Sys 2 Sys: Starting SOA - Hints and Tips

Introduction

Building SOA on solid foundations is really important. I've come across so many SOA implementations which have kicked off without really considering, or perhaps just misunderstanding some key concepts of SOA and so making some mistakes which are difficult to fix in retrospect (especially when a project is over and the funding is gone). Initially I was going to write a set of principles for SOA, but this was a bit of a grand title for an unstructured cooks tour of "stuff I've seen go wrong and how to avoid them". These cover ground from both the big picture (governance, standards etc) and low level (how to best construct XSD interfaces) side of the messaging picture. So in no particular order...

1. Make interfaces strict

One of the things I come across surprisingly often is the idea that to be "reusable" an interface should be as lax (as unrestrictive) as possible.
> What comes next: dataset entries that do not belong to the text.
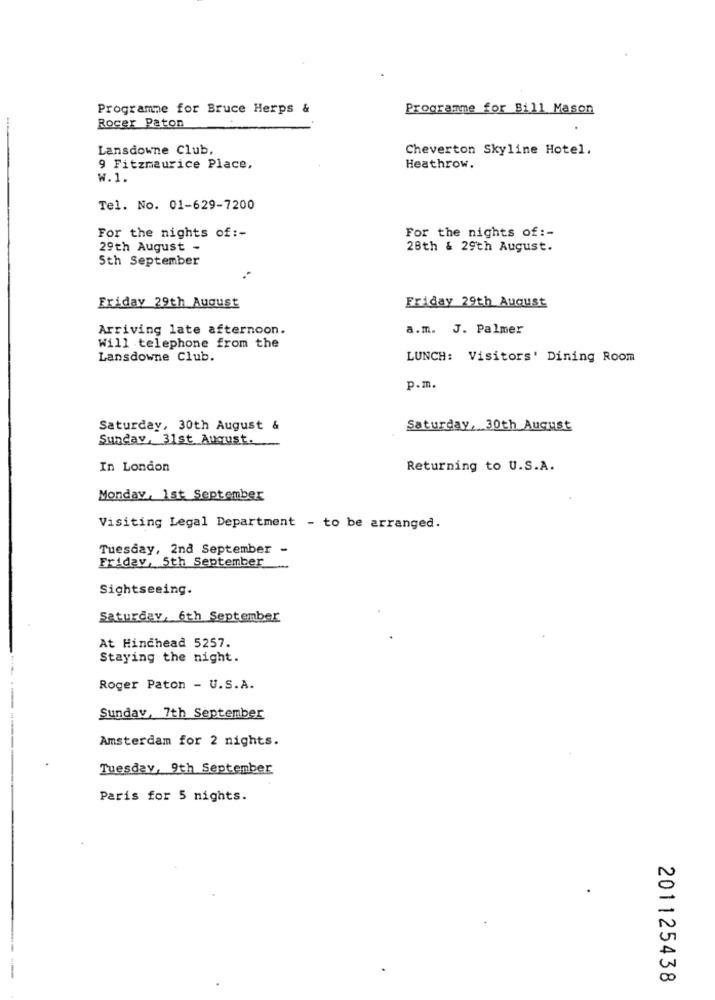
Programme for Bruce Herps &
Programme for Bill Mason
Rocer Paton
Lansdowne Club,
Cheverton Skyline Hotel.
9 Fitzmaurice Place,
Heathrow.
W.1.
Tel. No. 01-629-7200
For the nights of :-
For the nights of :-
29th August -
28th & 29th August.
5th September
Friday 29th August
Friday 29th August
Arriving late afternoon.
a.m. J. Palmer
Will telephone from the
Lansdowne Club.
LUNCH: Visitors' Dining Room
p.m.
Saturday, 30th August &
Saturday, 30th August
Sunday, 31st August.
In London
Returning to U.S.A.
Monday, 1st September
Visiting Legal Department - to be arranged.
Tuesday, 2nd September
Friday, 5th September
Sightseeing.
Saturday, 6th September
At Hinchead 5257.
Staying the night.
Roger Paton - U.S.A.
Sunday, 7th September
Amsterdam for 2 nights.
Tuesday, 9th September
Paris for 5 nights.
201125438

Before we start considering this, it's probably worth defining what I mean by a lax and a strict interface definition. So ignoring if the data type below is a good example or not, here’s an example "person" data type. The first would be a strict interface:

Title: Required, Enumeration [Mr, Mrs, Miss, Ms, Dr]
Surname: Required, String (conforming to regular expression ^[a-zA-Z\-\']{2,25}$ - i.e. 2-25 chars in length, containing only letters and hyphens/apostrophes)
Firstname: Optional, String (confirming to regular expression ^[a-zA-Z]{1,25}$ - i.e. 1-25 chars in length, containing only letters)
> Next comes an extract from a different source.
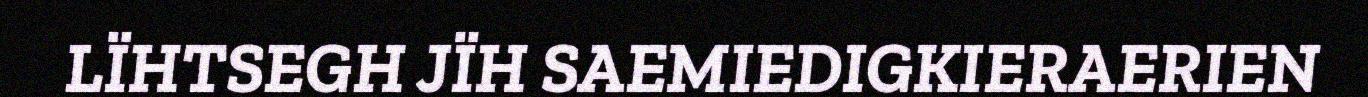
LÏHTSEGH JÏH SAEMIEDIGKIERAERIEN

However a lax version would be:

Title: Optional string
Surname: Optional string
Firstname: Optional string

The differences should be fairly obvious, the lax interface will allow almost any values, the strict interface is very prescriptive about exactly what is acceptable.

Although I disagree with the argument for lax, I'll try to give it a fair hearing. The argument seems to go something like this: "if we make the interfaces restrictive then we can't reuse the interface (e.g. with another back-end system, or change the back end) without having to alter it". Put another way if add a new system (either with content based routing or to replace the existing one), and this new system has surnames can be up to 50 chars, or the title can now include "Admiral", then the lax interface can be reused, whereas the strict interface can’t. That is indeed true to a point, but there are some massive disadvantages of a lax interface:

Service consumers aren't aware of what is allowed - or if they are it's in a document, or comments field which has more chance of being ignored or misunderstood
Neither the service consumer, nor the service provider can do real-time validation of messages to the level required to stop errors. In the above lax interface I can validate that the message passes some values called Title, Surname and Firstname, and that it doesn't pass something called "Nickname" but that's about it. Passing in a surname 30 characters long, and a title of "Master of the Universe" would be perfectly valid according to the interface. Because it’s valid the message would be passed to the back end system. Given that this is invalid, it's likely this would cause an error - if the system doesn't validate the input either, then an error would be created when you tried to write an overly long string to the database. This isn't great for several reasons: first the errors are all the way down in an application log, secondly they might not be easy to identify the cause as an invalid message (it might look like an internal application DB error). The back-end may or may not pass an error back to the consumer and the error might or might not mean anything (e.g. a generic DB error). None of this is great, but there is also a worse scenario: if the back end is a creaking old mainframe/or C application which has fixed length variables. The title variable is 4 characters long (to save memory because Miss is the longest allowed title), and writing "Master of the universe" overflows this variable straight into the memory allocated for something else with unpredictable consequences. That's a little less likely, but as a rule propagating bad data around the system is never a good idea when it could be caught at the front door.
One final option. Assuming it's agreed that stopping errors before they hit the backend is a good idea, there's no reason that you can't do some validation in the ESB and still have a lax interface. True. There's no need to encode this in a WSDL/XSD. This would get over the problems of the errors not occurring in the right place or breaking the back end, but there are problems here too. If you're doing real-time testing you have to write some rules rather than just click the "validate" checkbox in that nice expensive ESB tool you bought. Secondly (and going back to point 1) the consumer can't validate their messages whilst unit testing unless they write some complicated test harness (rather than just generating a mock service from your interface (say in [soapui.org]) - and who is to say if this test harness is the same as your test code. This makes unit testing harder and more expensive, and means you'll be less likely to find errors before link/integration testing - and as the old adage goes: the earlier you find an error the cheaper it is to fix. Finally you're losing the supposed benefit of having a lax interface: the ability to reuse without change as you’d need to change the ESB rules, and your test harness anyway!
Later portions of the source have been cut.